旅館の人達が俺らの部屋を片付けてくれ、布団まで敷かれた。

「あ、お布団一枚の方が宜しいですかね?」

テレビを眺めつつそれの終わるのを待っているとそんな質問が飛んできた。

「い、いえ、二枚でお願いしますっ!」

全くイカレてるのか?俺らはそんな関係じゃねえんだよなぁ。

「あらあら遠慮しなくていいのに~」

と、悪戯に微笑む女将さん。

本当に余計なお世話なんだよなあ。
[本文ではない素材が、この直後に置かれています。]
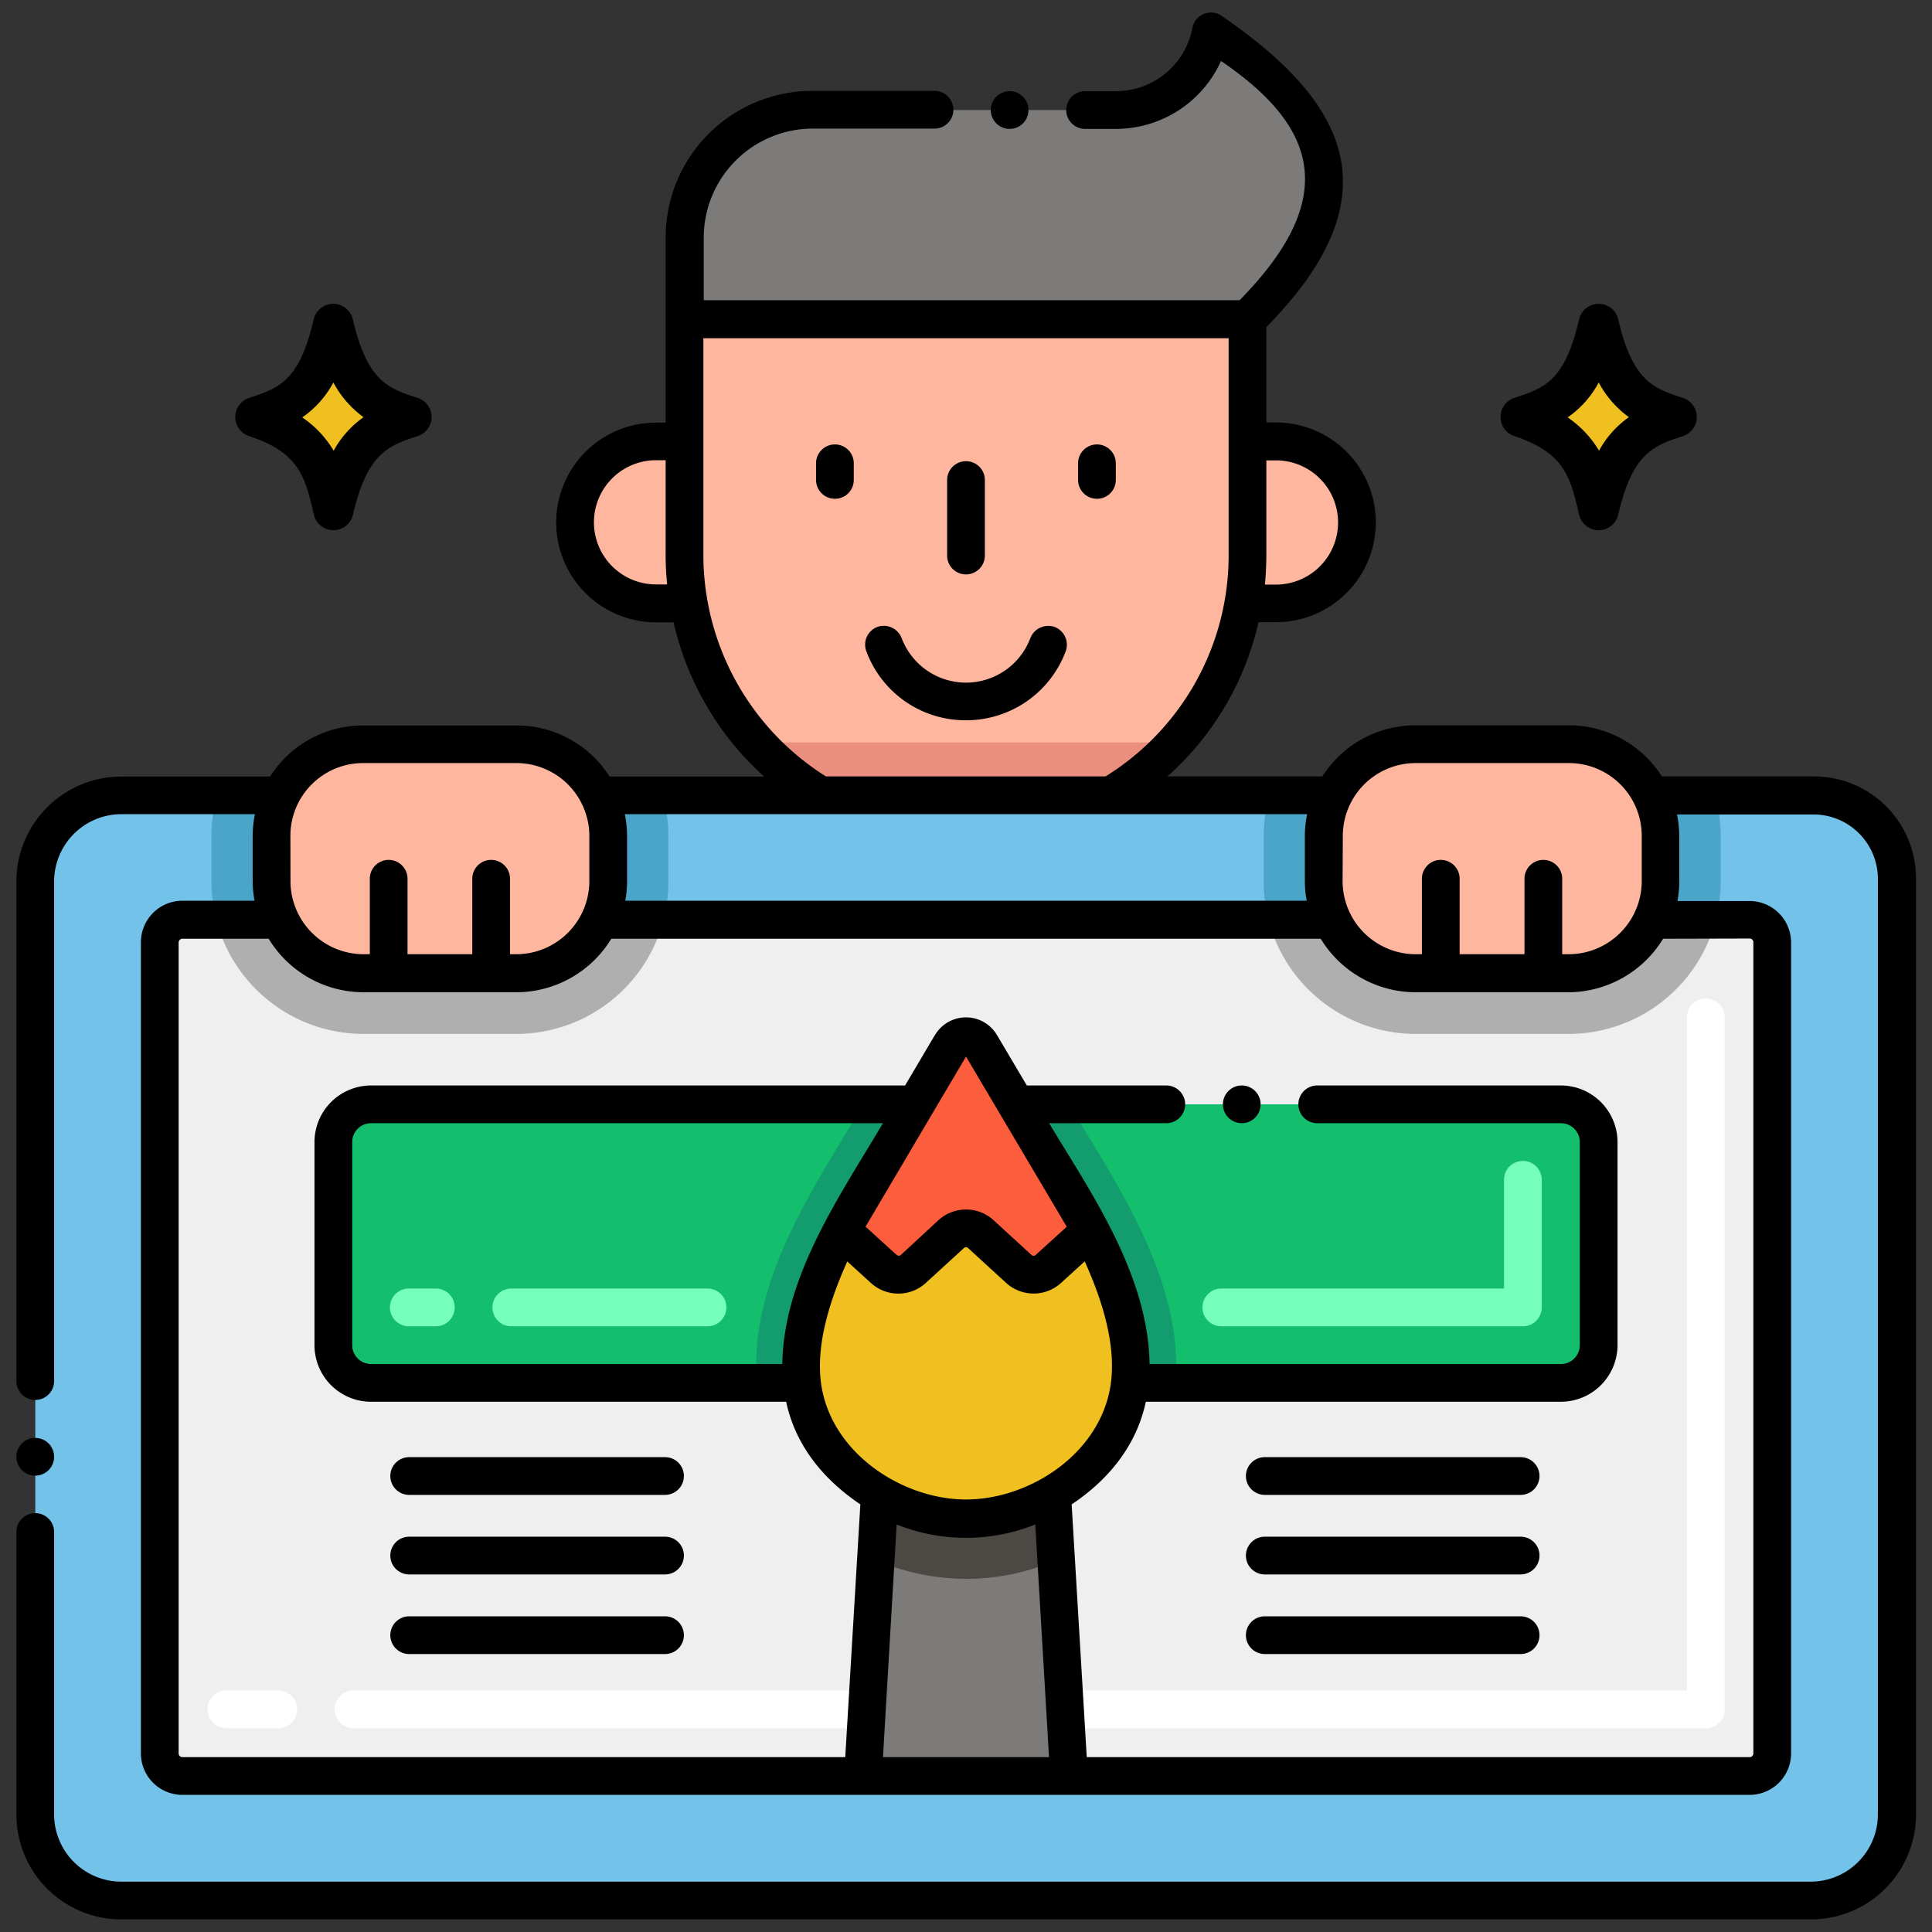 <svg id="Layer_1" height="512" viewBox="0 0 256 256" width="512" xmlns="http://www.w3.org/2000/svg" data-name="Layer 1"><rect x="0" y="0" width="256" height="256" fill="#333333" stroke="none"/><path d="m169.07 58.48h-3.76v-16.16h-74.61v16.15h-3.77a10.74 10.74 0 1 0 0 21.47h4.35a37.09 37.09 0 0 0 9 18.44 37.75 37.75 0 0 0 8.45 7h38.55a40 40 0 0 0 8.47-7 36.5 36.5 0 0 0 9-18.44h4.35a10.73 10.73 0 1 0 0-21.46z" fill="#ffb69f"/><path d="m155.72 98.38a40 40 0 0 1 -8.47 7h-38.55a37.75 37.75 0 0 1 -8.45-7z" fill="#ea8f7e"/><path d="m160.45 4.17a12.8 12.8 0 0 1 -12.58 10.41h-40.24a16.94 16.94 0 0 0 -16.93 16.94v10.8h74.6c18.43-18.7 8.7-28.86-4.85-38.15z" fill="#7c7b7a"/><path d="m251.33 116.38v124.07a11.38 11.38 0 0 1 -11.33 11.38h-223.94a11.38 11.38 0 0 1 -11.38-11.38v-123.68a11.38 11.38 0 0 1 11.38-11.39h21.18a12 12 0 0 0 -1.24 5.39v6a12.2 12.2 0 0 0 12.15 12.23h20.28a12.17 12.17 0 0 0 11-7.09 12 12 0 0 0 1.12-5.08v-6a12 12 0 0 0 -1.27-5.39h97.34a12 12 0 0 0 -1.27 5.39v6a12.2 12.2 0 0 0 12.22 12.17h20.28a12.2 12.2 0 0 0 12.15-12.19v-6a12 12 0 0 0 -1.26-5.39h21.58a11 11 0 0 1 11.01 10.96z" fill="#72c2e9"/><path d="m54.51 55.25c-4-1.31-8-2.45-10.35-12.34-2.11 9.09-5.5 10.74-10.35 12.34 7.9 2.61 9.1 6.94 10.35 12.35 2.17-9.33 5.75-10.83 10.35-12.35z" fill="#f0c020"/><path d="m222.18 55.25c-4-1.31-8.06-2.45-10.35-12.34-2.12 9.11-5.51 10.74-10.35 12.34 7.9 2.61 9.09 6.94 10.35 12.35 2.17-9.33 5.74-10.83 10.35-12.35z" fill="#f0c020"/><g fill="#4ba5c8"><path d="m36 110.77v6a12.06 12.06 0 0 0 1.12 5.08h-8.45a20 20 0 0 1 -.65-5.08v-6a20 20 0 0 1 .74-5.4h8.48a12 12 0 0 0 -1.24 5.4z"/><path d="m88.56 110.78v6a20 20 0 0 1 -.64 5.08h-8.44a12 12 0 0 0 1.12-5.08v-6a12 12 0 0 0 -1.27-5.39h8.49a19.94 19.94 0 0 1 .74 5.39z"/><path d="m175.4 110.77v6a12.06 12.06 0 0 0 1.12 5.08h-8.43a20 20 0 0 1 -.64-5.08v-6a19.77 19.77 0 0 1 .75-5.4h8.47a12 12 0 0 0 -1.27 5.4z"/><path d="m228 110.78v6a20.5 20.5 0 0 1 -.64 5.08h-8.46a12.09 12.09 0 0 0 1.12-5.08v-6a12 12 0 0 0 -1.26-5.39h8.49a19.94 19.94 0 0 1 .75 5.39z"/></g><path d="m234.83 124.89v107.44a3 3 0 0 1 -3 3h-207.65a3 3 0 0 1 -3-3v-107.44a3 3 0 0 1 3-3h12.92a12.15 12.15 0 0 0 11 7.09h20.33a12.17 12.17 0 0 0 11-7.09h97a12.17 12.17 0 0 0 11 7.09h20.28a12.15 12.15 0 0 0 11.05-7.09h12.93a3 3 0 0 1 3.14 3z" fill="#efefef"/><path d="m141.69 235.33h-27.38l1.69-28.62.52-8.7a21.94 21.94 0 0 0 22.9 0l.52 8.7z" fill="#7d7b79"/><path d="m140 206.71a30 30 0 0 1 -23.94 0l.52-8.7a21.94 21.94 0 0 0 22.9 0z" fill="#4c4944"/><path d="m149.73 183.24c-.59 5.67-3.63 10.73-10.28 14.77a21.94 21.94 0 0 1 -22.9 0c-6.65-4-9.69-9.1-10.28-14.77-.66-6.2 1.59-13.11 5.19-20.19l9.9-16.72 4.68-7.9a2.28 2.28 0 0 1 3.92 0l4.68 7.9 9.9 16.72c3.6 7.07 5.85 13.95 5.19 20.19z" fill="#f0c020"/><path d="m144.54 163.05-5.63 5.13a2.91 2.91 0 0 1 -3.9 0l-5.01-4.63a2.89 2.89 0 0 0 -3.9 0c-8 7.29-6 7.36-14.59-.5l9.9-16.72 4.68-7.9a2.28 2.28 0 0 1 3.92 0l4.68 7.9z" fill="#fc5d3d"/><path d="m114.84 229h-68a2.5 2.5 0 0 1 0-5h68a2.5 2.5 0 0 1 0 5zm-78 0h-6.84a2.5 2.5 0 0 1 0-5h6.87a2.5 2.5 0 0 1 0 5z" fill="#fff"/><path d="m226 229h-84.84a2.5 2.5 0 0 1 0-5h82.37v-89.2a2.5 2.5 0 0 1 5 0v91.7a2.5 2.5 0 0 1 -2.53 2.5z" fill="#fff"/><path d="m111.46 163.05c-3.6 7.08-5.85 14-5.19 20.19h-57.1a5 5 0 0 1 -5-5v-26.91a5 5 0 0 1 5-5h72.19z" fill="#13bf6d"/><path d="m211.83 151.33v26.91a5 5 0 0 1 -5 5h-57.1c.66-6.2-1.59-13.12-5.19-20.19l-9.9-16.72h72.19a5 5 0 0 1 5 5z" fill="#13bf6d"/><path d="m114.39 146.33h7l-9.9 16.72c-3.6 7.08-5.85 14-5.19 20.19h-6c-1.16-13.43 7.53-25.84 14.09-36.91z" fill="#139c6e"/><path d="m155.75 183.24h-6c.66-6.2-1.59-13.12-5.19-20.19l-9.9-16.72h7c5.58 9.52 15.25 22.98 14.09 36.91z" fill="#139c6e"/><path d="m93.75 175.74h-26a2.5 2.5 0 0 1 0-5h26a2.5 2.5 0 0 1 0 5zm-36 0h-3.58a2.5 2.5 0 0 1 0-5h3.58a2.5 2.5 0 0 1 0 5z" fill="#76ffbb"/><path d="m201.83 175.74h-40a2.5 2.5 0 0 1 0-5h37.46v-14.41a2.5 2.5 0 0 1 5 0v16.91a2.5 2.5 0 0 1 -2.46 2.5z" fill="#76ffbb"/><path d="m87.92 121.89a20.17 20.17 0 0 1 -19.49 15.11h-20.27a20.17 20.17 0 0 1 -19.49-15.06h8.43a12.15 12.15 0 0 0 11 7.09h20.33a12.17 12.17 0 0 0 11-7.09z" fill="#afafaf"/><path d="m227.35 121.89a20.18 20.18 0 0 1 -19.5 15.11h-20.28a20.19 20.19 0 0 1 -19.48-15.06h8.43a12.17 12.17 0 0 0 11 7.09h20.28a12.15 12.15 0 0 0 11.05-7.09z" fill="#afafaf"/><path d="m80.6 110.77v6a12 12 0 0 1 -1.12 5.08 12.17 12.17 0 0 1 -11 7.09h-20.33a12.2 12.2 0 0 1 -12.15-12.13v-6a12 12 0 0 1 1.26-5.39 12.15 12.15 0 0 1 10.91-6.77h20.26a12.16 12.16 0 0 1 10.9 6.77 12 12 0 0 1 1.27 5.35z" fill="#ffb69f"/><path d="m220 110.77v6a12.2 12.2 0 0 1 -12.15 12.23h-20.28a12.2 12.2 0 0 1 -12.17-12.17v-6a12 12 0 0 1 1.27-5.39 12.16 12.16 0 0 1 10.9-6.77h20.28a12.18 12.18 0 0 1 10.91 6.77 12 12 0 0 1 1.24 5.33z" fill="#ffb69f"/><path d="m128 95.44a14.08 14.08 0 0 0 13.21-9.14 2.52 2.52 0 0 0 -1.46-3.22 2.55 2.55 0 0 0 -3.22 1.46 9.11 9.11 0 0 1 -17.06 0 2.54 2.54 0 0 0 -3.21-1.47 2.5 2.5 0 0 0 -1.47 3.21 14 14 0 0 0 13.21 9.16z"/><path d="m110.63 66.09a2.49 2.49 0 0 0 2.5-2.5v-2.2a2.5 2.5 0 1 0 -5 0v2.2a2.5 2.5 0 0 0 2.5 2.5z"/><path d="m145.35 66.09a2.49 2.49 0 0 0 2.5-2.5v-2.2a2.5 2.5 0 0 0 -5 0v2.2a2.5 2.5 0 0 0 2.5 2.5z"/><path d="m128 76.11a2.5 2.5 0 0 0 2.5-2.5v-10a2.5 2.5 0 0 0 -5 0v10a2.49 2.49 0 0 0 2.5 2.5z"/><circle cx="133.78" cy="14.58" r="2.5"/><path d="m46.75 42.31a2.66 2.66 0 0 0 -5.18 0c-1.91 8.21-4.57 9.09-8.57 10.42a2.66 2.66 0 0 0 0 5.05c6.69 2.21 7.44 5.47 8.59 10.42a2.66 2.66 0 0 0 5.18 0c1.91-8.21 4.71-9.14 8.59-10.42a2.66 2.66 0 0 0 0-5.05c-3.75-1.23-6.66-2.02-8.61-10.42zm-2.54 17.41a13.87 13.87 0 0 0 -4.16-4.41 13.09 13.09 0 0 0 4.12-4.63 13.6 13.6 0 0 0 4 4.6 13.21 13.21 0 0 0 -3.96 4.44z"/><path d="m214.42 42.31a2.66 2.66 0 0 0 -5.18 0c-1.91 8.21-4.57 9.09-8.59 10.42a2.66 2.66 0 0 0 0 5.05c6.68 2.21 7.44 5.47 8.59 10.42a2.66 2.66 0 0 0 5.18 0c1.9-8.21 4.71-9.14 8.59-10.42a2.66 2.66 0 0 0 0-5.05c-3.73-1.23-6.64-2.02-8.59-10.42zm-2.54 17.41a13.87 13.87 0 0 0 -4.16-4.41 13.19 13.19 0 0 0 4.12-4.63 13.49 13.49 0 0 0 4 4.6 13 13 0 0 0 -3.96 4.44z"/><path d="m54.22 198.08h33.9a2.5 2.5 0 1 0 0-5h-33.9a2.5 2.5 0 0 0 0 5z"/><path d="m54.22 208.62h33.9a2.5 2.5 0 1 0 0-5h-33.9a2.5 2.5 0 1 0 0 5z"/><path d="m54.22 219.17h33.9a2.5 2.5 0 0 0 0-5h-33.9a2.5 2.5 0 0 0 0 5z"/><path d="m201.49 193.08h-33.9a2.5 2.5 0 0 0 0 5h33.9a2.5 2.5 0 0 0 0-5z"/><path d="m201.49 203.62h-33.9a2.5 2.5 0 0 0 0 5h33.9a2.5 2.5 0 0 0 0-5z"/><path d="m201.49 214.17h-33.9a2.5 2.5 0 0 0 0 5h33.9a2.5 2.5 0 0 0 0-5z"/><path d="m16.05 254.33h223.95a13.91 13.91 0 0 0 13.88-13.88v-124.07a13.51 13.51 0 0 0 -13.5-13.5h-20.18a14.57 14.57 0 0 0 -12.36-6.77h-20.27a14.58 14.58 0 0 0 -12.35 6.77h-20.53a38.91 38.91 0 0 0 12.07-20.44h2.31a13.23 13.23 0 1 0 0-26.46h-1.27v-12.64c17-17.26 11-29.63-5.93-41.24a2.5 2.5 0 0 0 -3.87 1.6 10.31 10.31 0 0 1 -10.12 8.38h-4.1a2.5 2.5 0 0 0 0 5h4.1a15.29 15.29 0 0 0 13.91-9c12.12 8.27 16.32 17.63 2.46 31.7h-71v-8.3a14.46 14.46 0 0 1 14.43-14.44h16.15a2.5 2.5 0 0 0 0-5h-16.2a19.44 19.44 0 0 0 -19.43 19.48v24.48h-1.27a13.23 13.23 0 1 0 0 26.46h2.32a39.26 39.26 0 0 0 12 20.44h-20.48a14.57 14.57 0 0 0 -12.35-6.77h-20.27a14.57 14.57 0 0 0 -12.36 6.77h-19.74a13.91 13.91 0 0 0 -13.88 13.87v66.23a2.5 2.5 0 0 0 5 0v-66.23a8.93 8.93 0 0 1 8.88-8.89h17.73a14.61 14.61 0 0 0 -.3 2.89v6a13.93 13.93 0 0 0 .25 2.58h-9.56a5.51 5.51 0 0 0 -5.5 5.5v107.48a5.5 5.5 0 0 0 5.5 5.5h207.66a5.5 5.5 0 0 0 5.5-5.5v-107.44a5.51 5.51 0 0 0 -5.5-5.5h-9.56a14.74 14.74 0 0 0 .24-2.58v-6a14.61 14.61 0 0 0 -.3-2.89h18.12a8.54 8.54 0 0 1 8.5 8.5v124.03a8.92 8.92 0 0 1 -8.88 8.88h-223.9a8.92 8.92 0 0 1 -8.88-8.88v-37.45a2.5 2.5 0 0 0 -5 0v37.42a13.91 13.91 0 0 0 13.88 13.91zm151.75-180.89v-12.44h1.27a8.23 8.23 0 1 1 0 16.46h-1.46c.1-1.02.19-2.62.19-4.02zm-80.87 4a8.23 8.23 0 1 1 0-16.46h1.27v12.46a37.93 37.93 0 0 0 .19 3.91v.09zm91 33.33a9.66 9.66 0 0 1 9.67-9.66h20.27a9.65 9.65 0 0 1 9.67 9.66v6a9.7 9.7 0 0 1 -9.67 9.67h-.87v-10a2.5 2.5 0 1 0 -5 0v10h-8.59v-10a2.5 2.5 0 0 0 -5 0v10h-.84a9.7 9.7 0 0 1 -9.67-9.67zm-84.73-37.32v-28.63h69.6v28.63a34.47 34.47 0 0 1 -16.31 29.43h-37.05a34.71 34.71 0 0 1 -16.24-29.43zm80 34.43a14.61 14.61 0 0 0 -.3 2.89v6a13.93 13.93 0 0 0 .25 2.58h-90.3a14.65 14.65 0 0 0 .24-2.58v-6a14.61 14.61 0 0 0 -.3-2.89zm-134.72 2.89a9.64 9.64 0 0 1 9.67-9.66h20.27a9.67 9.67 0 0 1 9.67 9.66v6a9.7 9.7 0 0 1 -9.67 9.67h-.84v-10a2.5 2.5 0 0 0 -5 0v10h-8.58v-10a2.5 2.5 0 0 0 -5 0v10h-.84a9.7 9.7 0 0 1 -9.67-9.67zm78.52 122.06 1.81-30.83a24.71 24.71 0 0 0 18.37 0l1.82 30.83zm-13.3-52.09h-54.53a2.5 2.5 0 0 1 -2.5-2.5v-26.91a2.5 2.5 0 0 1 2.5-2.5h67.83c-5.86 9.85-13.17 20.35-13.34 31.91zm24.3-40.74 13.35 22.55-4.13 3.75a.4.4 0 0 1 -.53 0l-5.05-4.63a5.42 5.42 0 0 0 -7.28 0l-5 4.62a.41.41 0 0 1 -.54 0l-4.13-3.75zm-15.74 27.14 3.14 2.86a5.39 5.39 0 0 0 7.27 0l5.07-4.64a.38.38 0 0 1 .52 0l5.07 4.64a5.4 5.4 0 0 0 7.26 0l3.14-2.86c2.17 4.79 4.08 10.59 3.51 15.8-1.07 9.47-10.69 15.75-19.24 15.75s-18.19-6.34-19.25-15.75c-.58-5.18 1.34-10.94 3.51-15.77zm119.57-42.78a.5.5 0 0 1 .5.5v107.47a.5.5 0 0 1 -.5.5h-87.83l-2-33.49c5.32-3.56 8.68-8.2 9.83-13.6h55a7.52 7.52 0 0 0 7.5-7.5v-26.91a7.52 7.52 0 0 0 -7.5-7.5h-32.29a2.5 2.5 0 0 0 0 5h32.29a2.5 2.5 0 0 1 2.5 2.5v26.91a2.5 2.5 0 0 1 -2.5 2.5h-54.51c-.15-12.15-8.36-23.56-13.3-31.91h15.52a2.5 2.5 0 0 0 0-5h-18.48l-3.95-6.67a4.77 4.77 0 0 0 -7.8-.61c-.45.56-.48.7-4.38 7.28h-70.76a7.51 7.51 0 0 0 -7.5 7.5v26.91a7.5 7.5 0 0 0 7.5 7.5h55c1.15 5.4 4.5 10 9.83 13.6l-2 33.49h-87.83a.5.5 0 0 1 -.5-.5v-107.44a.5.5 0 0 1 .5-.5h11.43a14.74 14.74 0 0 0 12.55 7.09h20.27a14.76 14.76 0 0 0 12.58-7.09h94a14.77 14.77 0 0 0 12.55 7.09h20.27a14.78 14.78 0 0 0 12.55-7.09z"/><circle cx="4.67" cy="193.03" r="2.5"/><circle cx="164.54" cy="146.33" r="2.5"/></svg>

でも、なんか怒る気にはなれなかった。

というかこの人、口調からして結構歳いってそうだけど、若いよなぁ。

そんな事を考えていると、背中にシャープペンシルの先でグサッとされたような鋭い痛みが走る。

「痛ったっ!!」

「あはっ!」

咄嗟に振り返ると満面の笑みの柏木が立っていた。

「な、なんだよ?」

「んー?なんとなく?」

なんとなく爪で背中刺されるってなんだよそれ………

でも、不思議と怒りは湧いてこなかった。

………なんでだろうな?

*****

そして、布団も引き終わって女将さんらが出ていったあと、お茶をすすりながら柏木とテレビを見ていた。

「なぁ、柏木」

「ん?なに?」

「なんか、なんていうかさ?こういうのいいよな」

「でしょでしょ!?この旅館の雰囲気とか風情があって」

「………いや、そうじゃなくて………まあ、いいや。そうだな」

俺が言いたかったのは旅館の雰囲気がいいとかそういうことでは無かった。だが、何を言っていいのか全くわからんかった。

どこに置いてきたんだよ。語彙力っ!!

柏木と過ごす時間ってのは憎たらしがったりもするが、なんだかんだ言って楽しんでいる自分がいる。

やっぱりおれはあいつが好きなのか。

知ってたさ。だから、近づいてきて欲しくないんだ。

これ以上好きになったらあいつは幸せにはなれない。あんな良い奴が俺と一緒だなんてそれは間違ってる。

「また春樹俺はダメだ。とか思ったでしょ?」

「いや、これはだな………」

「わかるよ?何年一緒にいるか分かってるの?」

そう言って微笑む。

「………そうか」

「前も言ってたけど、もう一度言うね?私は春樹が好き。私と付き合ってくださいっ!」

凄いなやっぱりこいつは………

本当に王子様みたいだぜ。だが、俺の妹ではないっ!

「………俺で本当に」

「俺で本当にいいのか?とか言ったらぶっ飛ばすから」

真面目な顔してそう言われてしまい、俺は頷くしか他に手はなかった。

半ば強制的ではあったが柏木の猛アタックのおかげで俺ら二人はまたよりを戻すことになった。

というか強引すぎるだろ………俺思いっきり断るところだったのに。俺じゃなければ訴えられてるぞ?

そして、しばらくの間テレビの音だけが静かに流れていた。

「…………い、いいテレビやってないわねっ!」

「そ、そうだな!」

………あれからというものやべえ。会話が続かねえ。あれから気まず過ぎるだろ。

「というか、もういい時間ね」

そういった柏木につられて時計に目をやると日付が変わりかけていた。

「そろそろ寝る?」

「……うん」

妹ではないがまあ、妹っぽいところあるしな………だから俺はこいつのことが好きなのかもしれない。